About this exercise: State, as one number, how many lines in these records hold "loose".

Records for processing:
>>>>

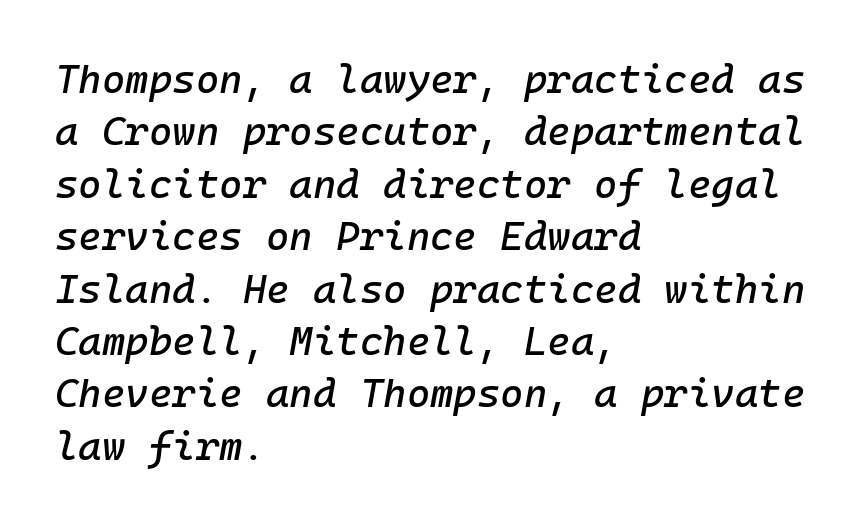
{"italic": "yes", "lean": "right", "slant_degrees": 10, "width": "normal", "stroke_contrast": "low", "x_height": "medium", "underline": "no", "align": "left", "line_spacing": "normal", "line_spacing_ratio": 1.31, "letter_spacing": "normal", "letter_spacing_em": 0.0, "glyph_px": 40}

<<<<
>>>>

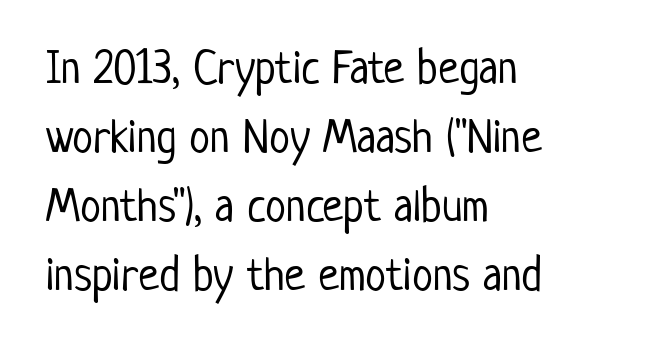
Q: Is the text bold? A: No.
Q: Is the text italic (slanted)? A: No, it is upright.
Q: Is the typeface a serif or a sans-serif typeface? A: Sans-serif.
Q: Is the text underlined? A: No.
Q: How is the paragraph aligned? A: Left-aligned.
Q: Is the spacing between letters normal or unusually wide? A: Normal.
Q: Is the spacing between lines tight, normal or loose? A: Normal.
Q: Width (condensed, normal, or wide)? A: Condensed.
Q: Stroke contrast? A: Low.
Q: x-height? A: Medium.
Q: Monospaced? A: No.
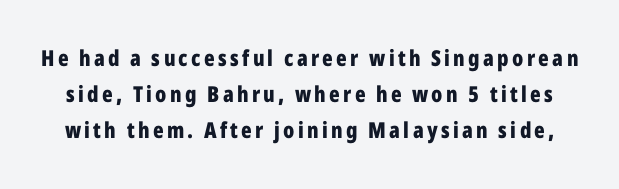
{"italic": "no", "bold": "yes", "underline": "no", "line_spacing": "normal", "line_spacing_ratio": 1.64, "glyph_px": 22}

<<<<
>>>>

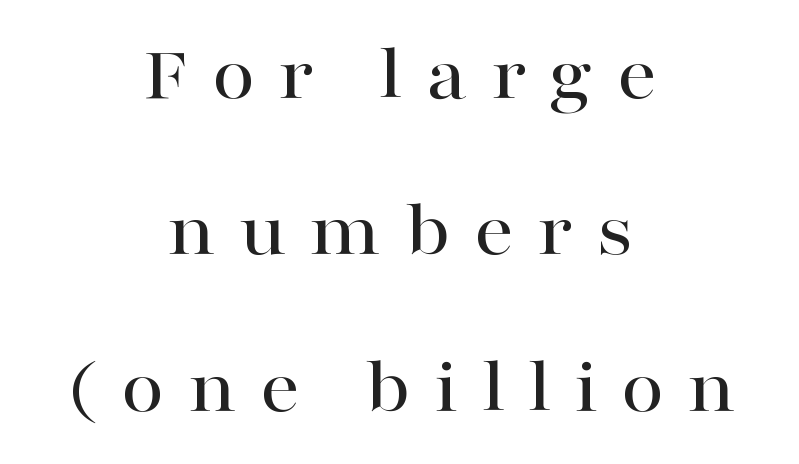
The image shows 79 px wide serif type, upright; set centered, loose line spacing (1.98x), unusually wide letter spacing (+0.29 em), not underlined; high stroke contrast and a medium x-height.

<<<<

Exercise response: 2